The bark of a giant sequoia may be the thickest of any tree we know—on some specimens the outer layer of bark measures over two feet thick at the base. This formidable exterior provides the trees with super-powered protection. Their bark also doesn’t contain any flammable pitch or resin, and if it were to ignite in a forest fire, the girth would slow flames from reaching the wood inside.

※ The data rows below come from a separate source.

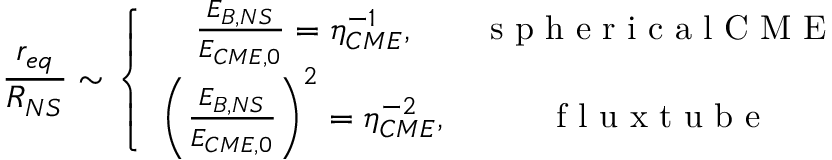
\frac { r _ { e q } } { R _ { N S } } \sim \left\{ \begin{array} { c c } { \frac { E _ { B , N S } } { E _ { C M E , 0 } } = \eta _ { C M E } ^ { - 1 } , } & { \mathrm { ~ s ~ p ~ h ~ e ~ r ~ i ~ c ~ a ~ l ~ C ~ M ~ E ~ } } \\ { \left( \frac { E _ { B , N S } } { E _ { C M E , 0 } } \right) ^ { 2 } = \eta _ { C M E } ^ { - 2 } , } & { \mathrm { ~ f ~ l ~ u ~ x ~ t ~ u ~ b ~ e ~ } } \end{array} \right.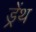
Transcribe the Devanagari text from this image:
ड्रेंथ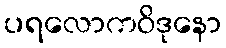
ပရလောကဝိဒုနော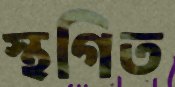
স্থগিত

Prescribed fire smoke at Sequoia National Park. Image credit: Daniel Mayer via Wikimedia Commons // CC BY 2.0

Giant sequoias not only can survive forest fires, they thrive on them. When a sequoia grove catches fire, the heat opens up cones on the forest floor and releases the seeds inside. The blaze eats up any brush or deadwood that’s accumulated on the ground while leaving behind nutrient-rich ash in which the saplings can flourish. Forest rangers only became aware of the renewing benefits of fire a few decades ago. Prior to that, they would extinguish every flame they saw then wonder why no new sequoias were growing. Today rangers will intentionally set controlled burns to simulate the natural process.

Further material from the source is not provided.